By Nat Gambuzza and Gene Pride
Apartment investment in the United States, including the New York metro area and New Jersey specifically, continues to experience increased interest from global capital sources. Market fundamentals are sound as the volume of new renter households entering the market outpaces the rate of new apartments being built. The result is a housing shortage, particularly in the older, more affordable product that continues to drive rents higher. Several distinct trends illustrate the differing market fundamentals among new Class A luxury communities, 10- to 20-year-old “value-add” opportunities and older, more affordable “workforce housing” apartments.
At first glance, one might assume that new, luxury apartments are receiving the most interest from investors. While a steady pace of construction can be seen in Northern New Jersey with an average of 5,900 apartments delivered annually, this product is trading infrequently. The majority of investors focused on new construction are institutions that prefer a “build-to-core” strategy over asset acquisition and non-institutional players are unwilling to pay the premium for new development. Thus, the majority of new luxury construction is being held long term.
At the other end of the apartment-product spectrum is workforce housing. This is a broad term used for market-rate apartments that are generally affordable to residents in jobs such as healthcare, education, law enforcement and entry level office positions. This product is seeing increased investor interest as rent growth since 2012 has been 3.4% annually with occupancy at 98.7% in Northern New Jersey.
The trend of more new renters entering the market than new housing being built is especially apparent in the moderate-income sector served by workforce housing.
CBRE has several workforce housing assignments for sale in the market. The first is a portfolio of seven assets with 1,035 apartments in Essex, Mercer and Monmouth counties that were built in the 1960’s. Competition was fierce with over 40 offers submitted. A second assignment is a two-property workforce housing portfolio in Bergen County with 338 apartments; more than 275 groups requested the sales materials.

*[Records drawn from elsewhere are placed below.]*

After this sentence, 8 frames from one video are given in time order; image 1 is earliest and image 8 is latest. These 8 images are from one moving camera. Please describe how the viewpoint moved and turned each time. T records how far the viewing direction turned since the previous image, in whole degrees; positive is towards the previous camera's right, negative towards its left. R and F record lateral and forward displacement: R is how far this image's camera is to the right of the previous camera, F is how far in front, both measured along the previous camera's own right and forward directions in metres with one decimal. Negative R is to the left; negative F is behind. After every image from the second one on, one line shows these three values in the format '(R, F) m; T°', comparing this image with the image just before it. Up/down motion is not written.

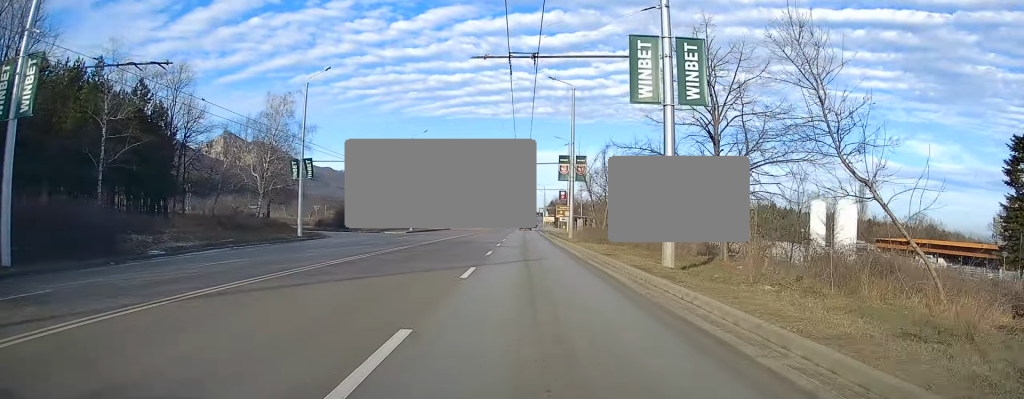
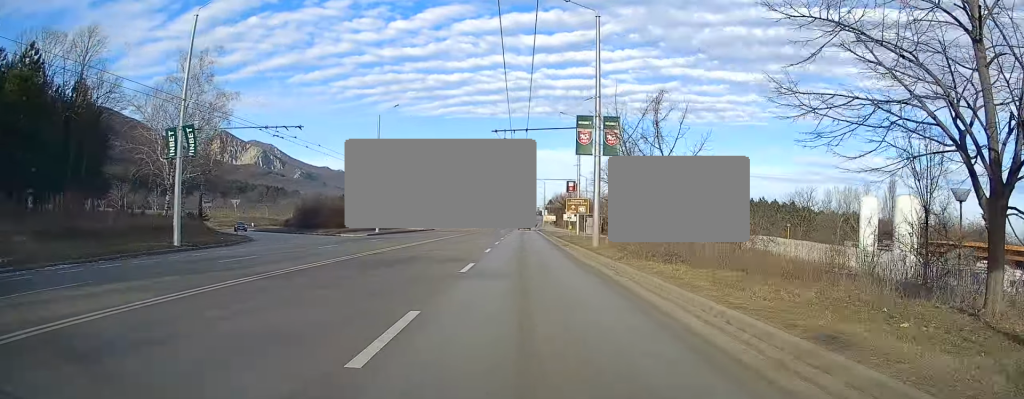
(0.0, +16.6) m; +1°
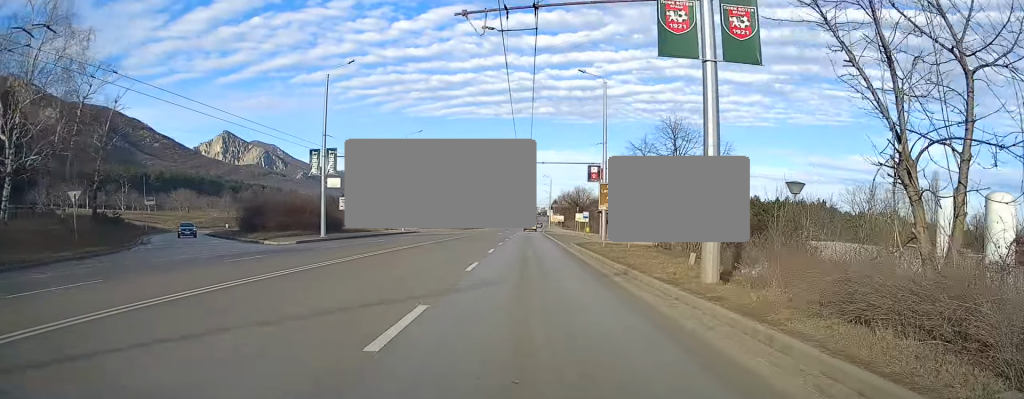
(+0.3, +17.6) m; 0°
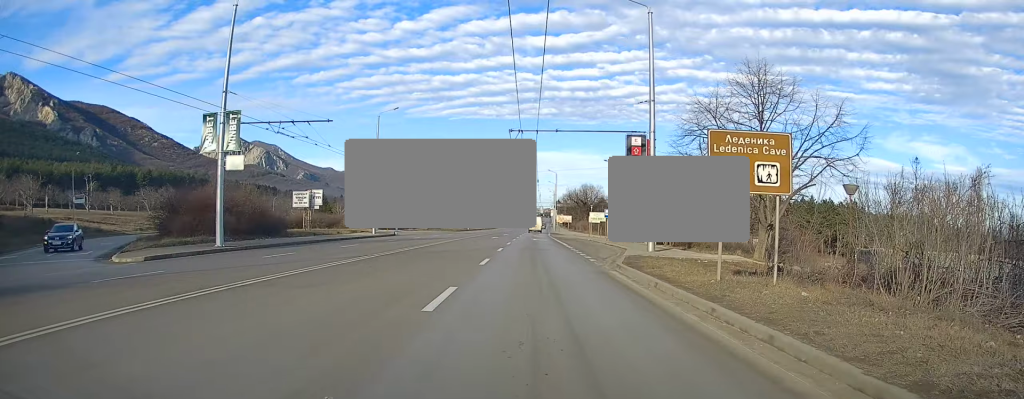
(-0.3, +15.3) m; -1°
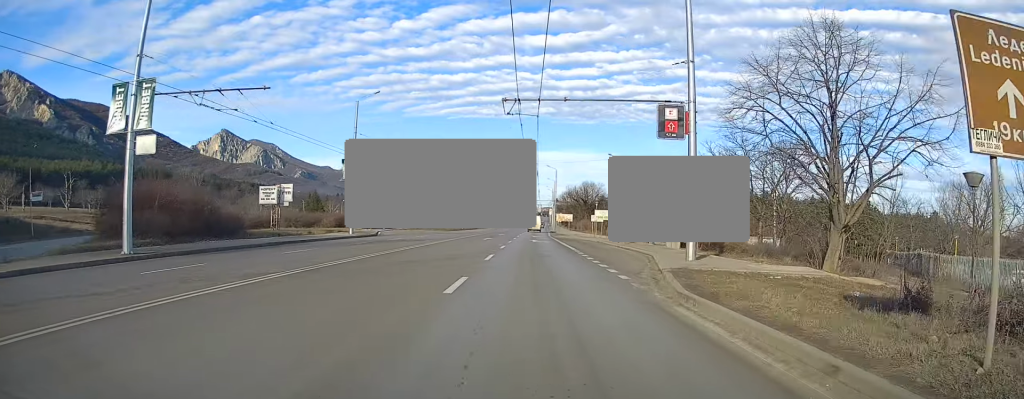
(+0.1, +7.1) m; 0°
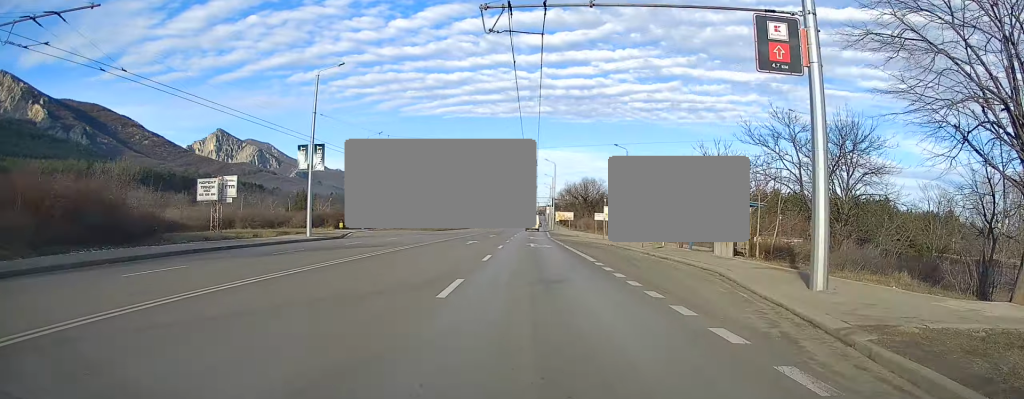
(+0.1, +9.5) m; 0°
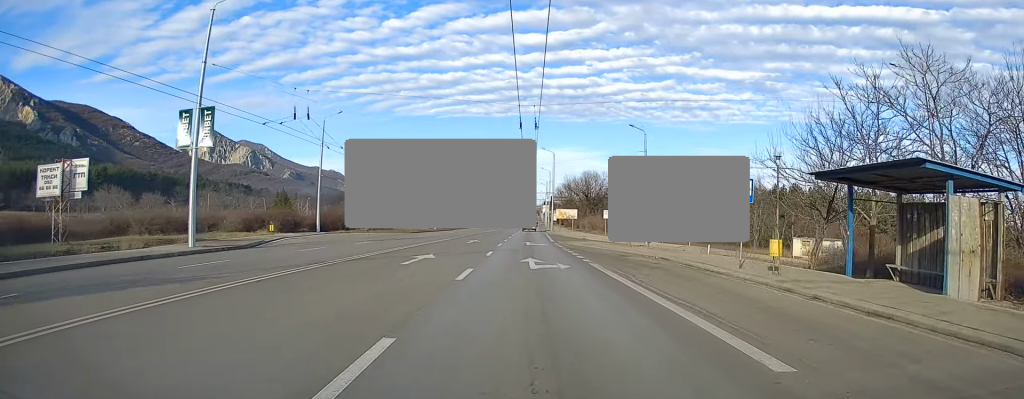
(-0.1, +15.5) m; +1°
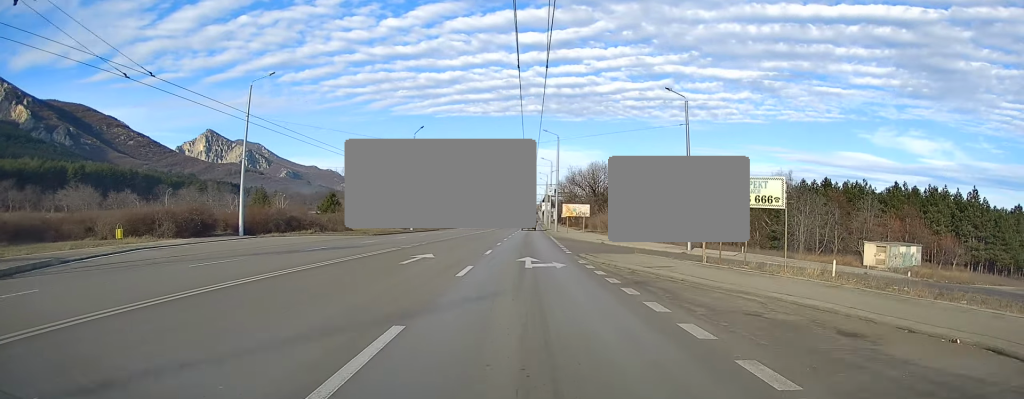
(+0.4, +17.0) m; +1°

On Long Island we’re selling assets in Central Islip and Bay Shore where a bidding frenzy pushed pricing above expectations. This unprecedented demand is being driven primarily by the realization that workforce housing has the most durable and reliable revenue stream with the strongest prospects for rent growth.

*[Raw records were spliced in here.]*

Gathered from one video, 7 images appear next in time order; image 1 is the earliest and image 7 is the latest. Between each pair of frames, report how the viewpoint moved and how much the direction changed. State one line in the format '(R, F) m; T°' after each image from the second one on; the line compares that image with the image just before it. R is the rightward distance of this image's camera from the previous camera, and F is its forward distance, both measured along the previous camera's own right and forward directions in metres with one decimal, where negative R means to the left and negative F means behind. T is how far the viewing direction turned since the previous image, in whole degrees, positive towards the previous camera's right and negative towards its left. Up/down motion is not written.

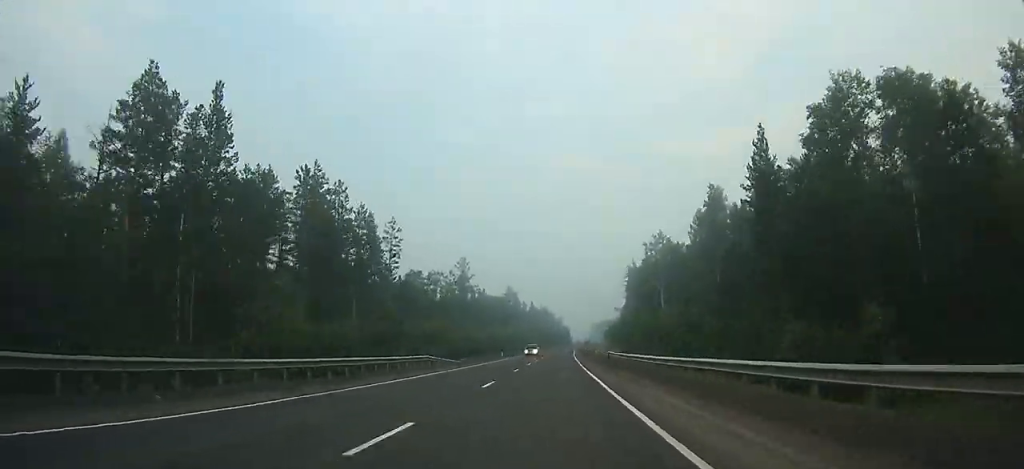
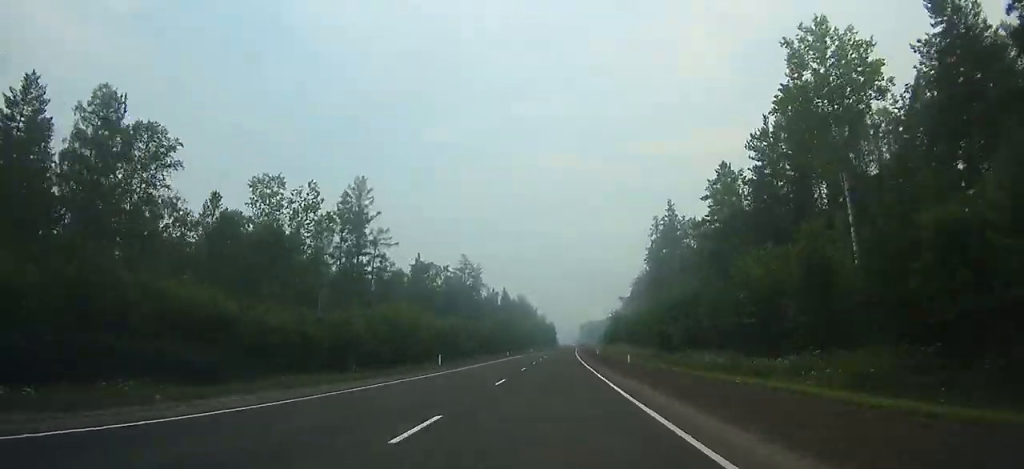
(+1.0, +95.4) m; +1°
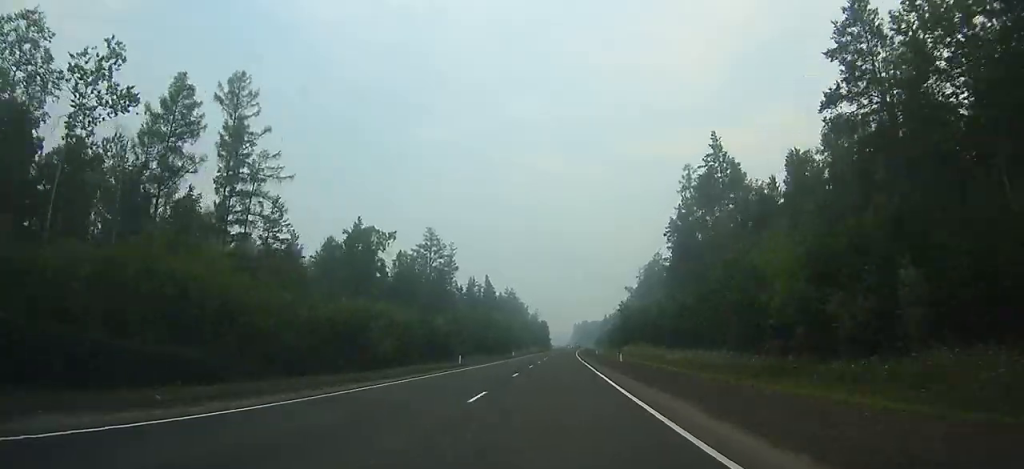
(-0.1, +43.2) m; +1°
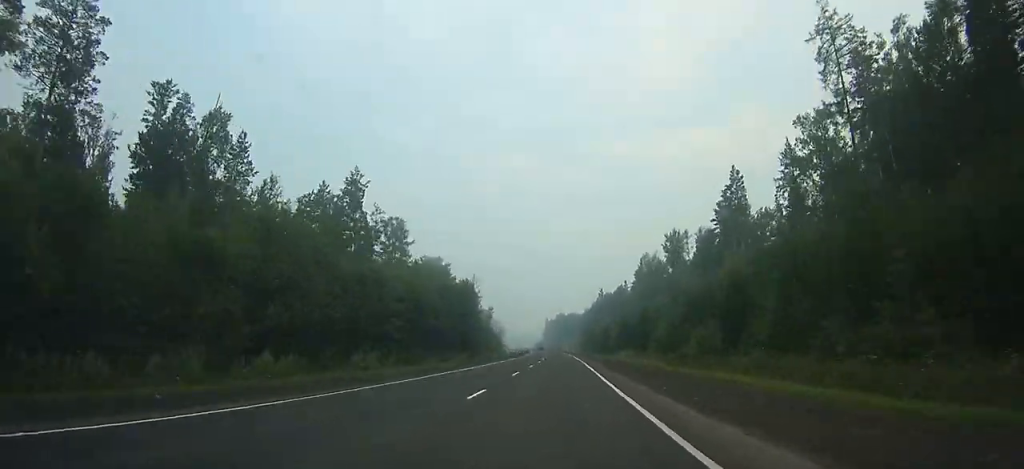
(+5.7, +189.9) m; +2°
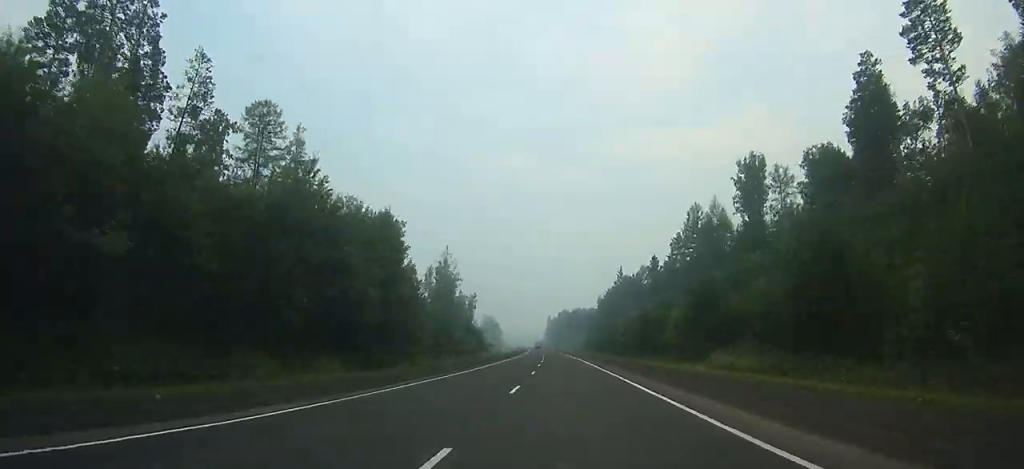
(+0.2, +56.3) m; 0°
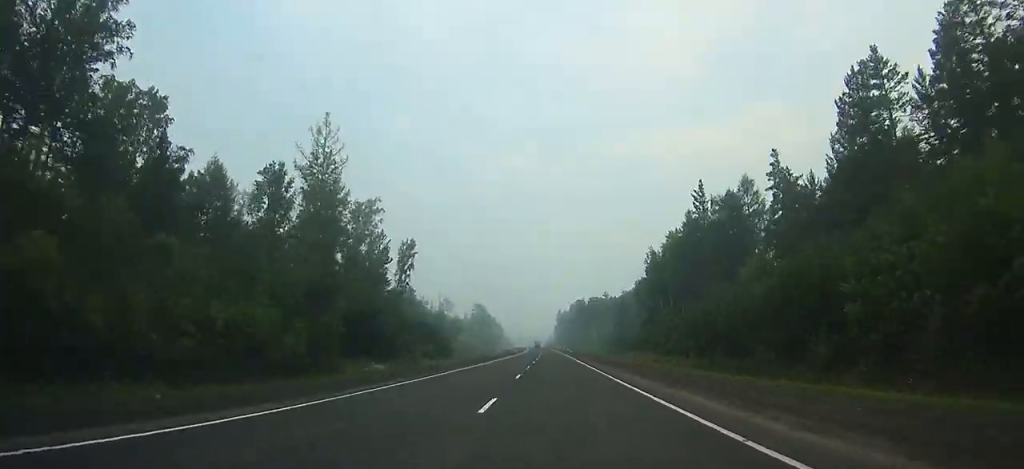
(-0.7, +85.9) m; -1°
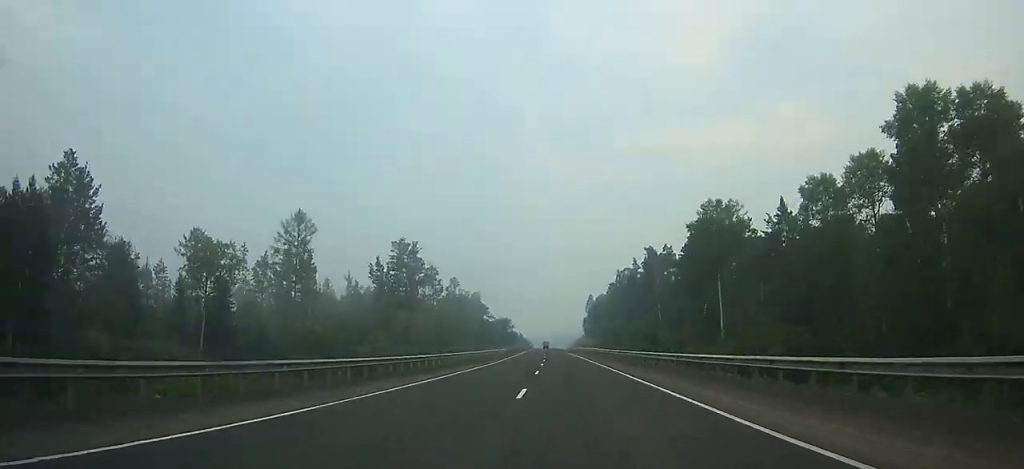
(-3.0, +168.8) m; -2°

As investors look for ways to grow revenue, “value-add” opportunities are a consistent target. Renovating kitchens, baths or upgrading amenities that justify rental premiums is a key strategy.
Investors typically underwrite a 20% or higher return on the capital invested in upgrades. Pricing on value-add offerings has increased significantly as more demand for this product has emerged.
For example, in 2016 an investor would be the successful bidder with the ability to achieve a 16% to 17% leveraged internal rate of return (IRR). Today, that same winning bidder is looking at a 12% to 13% leveraged IRR due to the increased competition for each offering.
Investing in apartments today can be highly profitable given the backdrop of strong demographic fundamentals with an increasing number of renter households entering the market. Investors from around the world are buying multifamily communities in New Jersey which is driving down yields. We expect this trend to continue given the relatively stable interest rate environment and lack of attractive alternative investments.